Tüm değerli madenlerin bulunduğu orta dünya ! Irklar Bitkiler Hayvanlar işte hepsi burada !
Evet barışçıl bir dönem geçiriyorduk. Savaş henüz bitmişti. 3 Taraftada ağır kayıplar vardı. Fakat Orkların kayıpları daha fazlaydı. Sebebi ise hem diğer ırklardan sayıca fazlaydılar hem de yeteri kadar teçhizatları yoktu. Bizim ırkımız olan Hobbitler ise Elfleri desteklemek için savaşa katılmışlardı. Elfler iyi bir ırktı çünkü kılıç kullanmayı ok atmayı çok daha iyi biliyorlardı. Bizim ırkımız için ise durum farklıydı. Çünkü Hobbitler ok kullanmıyorlardı , kullanları ise çok nadirdi. En çok tokmak çekiç kılıç kullanıyorlardı. Ben çoğunlukla kılıç kullanıyordum. Çünkü kılıç hem hafif hem de çok dengeli bir kılıçtı. Bir gün Babam beni yanına çağırdı:
+Otur şuraya dedi. –Baba +Enes
-Efendim Baba ? diye sordum.
+Oğlum sana daha önce bundan bahsetmeliydim ama …
-Neyden bahsediyorsun baba ?
+Oğlum yıllar önce bir yüzük buldum. Bu yüzük takıldığı zaman takan kişiyi görünmez yapıyor.
-Baba sana inanmıyorum eski şakalarından biri dimi bu ?
+Ben ciddiyim evlat !
+(Bu cevabın ardından yüzüğü takar.)
-(Ben şaşırdım çünkü böyle bir şeyin var olduğunu bilmiyordum. Fakat bu tür yüzükler olduğunu biliyordum.)

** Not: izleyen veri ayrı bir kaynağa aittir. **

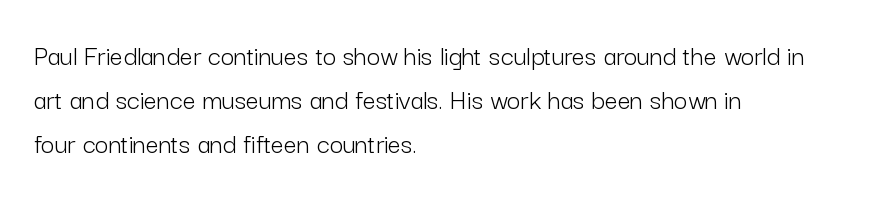
This sample has the flowing, uneven cadence of proportional lettering. Rule under the text: the space is simply empty. Unbolded letterforms with no extra heft. Whoever set this chose a conventional vertical rhythm. The rendering keeps characters at their native spacing. Do the letters lean? They stand straight.
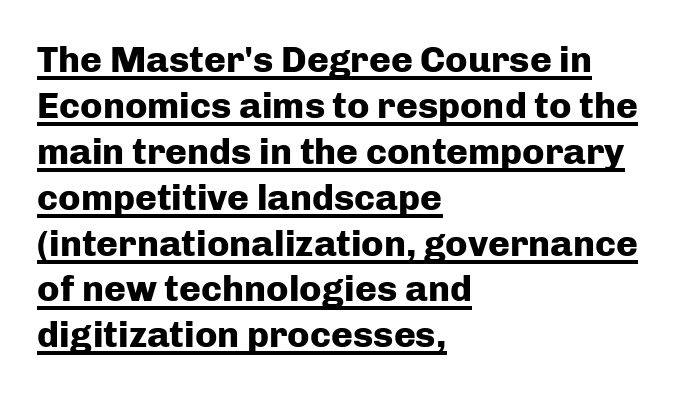
Think of a printed novel: that variable character pitch is what you see here. Does the type have serifs? No, each stem ends abruptly. Underlining? Definitely there. This sample is left-justified, so line endings fall wherever the words run out. The letters stand upright; this is a roman face.
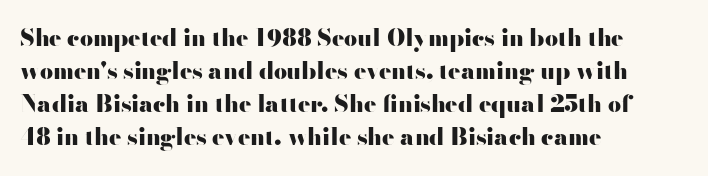
The image shows 23 px bold type, upright; set left-aligned, normal line spacing (1.44x), normal letter spacing, not underlined.

-Tamam. Baba sana inanıyorum. Peki bu yüzüğü ne yapacaksın ? (Aslında bunu gördükten sonra yüzüğü istemiştim. Ama babama söylemedim.)
+Sana vereceğim.
-Banamı vereceksin ?!
+Evet sana vereceğim.
-Baba ben ne yapacağım o yüzükle ?
+Öğreneceksin. Oğlum öğreneceksin.
-(Yüzüğü aldım babamdan. Ama ne yapacağımı bilmiyordum. Acaba ork diyarına gidip ork sandıklarını mı yağmalasam ? veya Elf lerin kılıçlarını mı çalsam :*/ bilmiyordum. Sadece düşünüyordum.)
+Neyse evlat ben uyumaya gidiyorum. Karnın açsa masada Hamsi gözü çorbası var. Biliyorum küçüklükten beri sevmiyorsun ama benim bu çorbaya karşı bir ilgim var oğlum.

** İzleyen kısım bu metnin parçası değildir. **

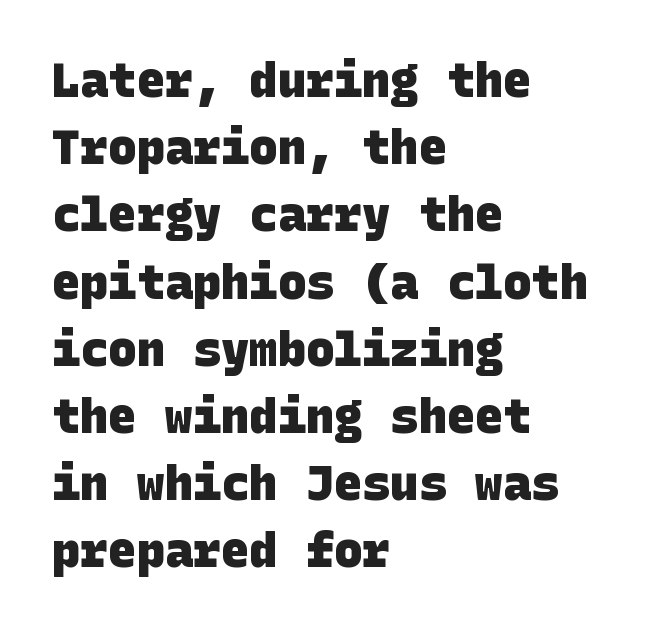
{"serif": "no", "bold": "yes", "weight": "heavy", "width": "normal", "stroke_contrast": "low", "x_height": "large", "underline": "no", "align": "left", "line_spacing": "normal", "line_spacing_ratio": 1.43, "letter_spacing": "normal", "letter_spacing_em": 0.0, "glyph_px": 47}

-Tamam baba ben çıkıyorum. iyi uykular.
Evden çıktım evdeki lanet hamsi kokusundan kurtulma çabasıyla derin derin nefes alıyordum.
Merdivenlerden inmeye başladım. Demirciye uğrayacaktım çünkü kılıç yaptırmıştım. Hem onun parasını verecektim hem de kılıcı alacaktım. Yürümeye devam ettim. Demirciye varmıştım bile. O kadar uzun mesafenin nasıl kısa geldiğini anlamadım bile. Demircinin kapısına tıkladım. içerden demir sesleri geliyordu. Şanslıydım oysaki Drakson dayı erken kapatırdı dükkanını. Kapıyı Açtı bir gülümsemeyle;
-Hoş geldin Enes. –Enes +Drakson
+Hoş bulduk , hoş bulduk.
-Evet ne için gelmiştin ?
+Dayı benim kılıç vardı parasını verecektim ya ?
-Haa şimdi hatırladım. Kılıç. Evet yaptım. (Kılıcı askılıktan alıp bana uzatır.)
-Buyur evlat.
+Teşekkür ederim dayı. Gerçekten tam istediğim gibi olmuş.
-135 Drum
+(Cebinden Drumları çıkarır.)
-Buyur dayı. 135 Drum.
+(Drumları alır. Ve saymaya başlar.)
-(Bak bak bak bide dayım olacak ne diye sayıyorsun ulan.)
Kılıcı alıp dışarı çıktım. içerideki demir kokusu beni boğuyordu. yeni kılıcımı almıştım evet ! Artık maceraya çıkabilirdim.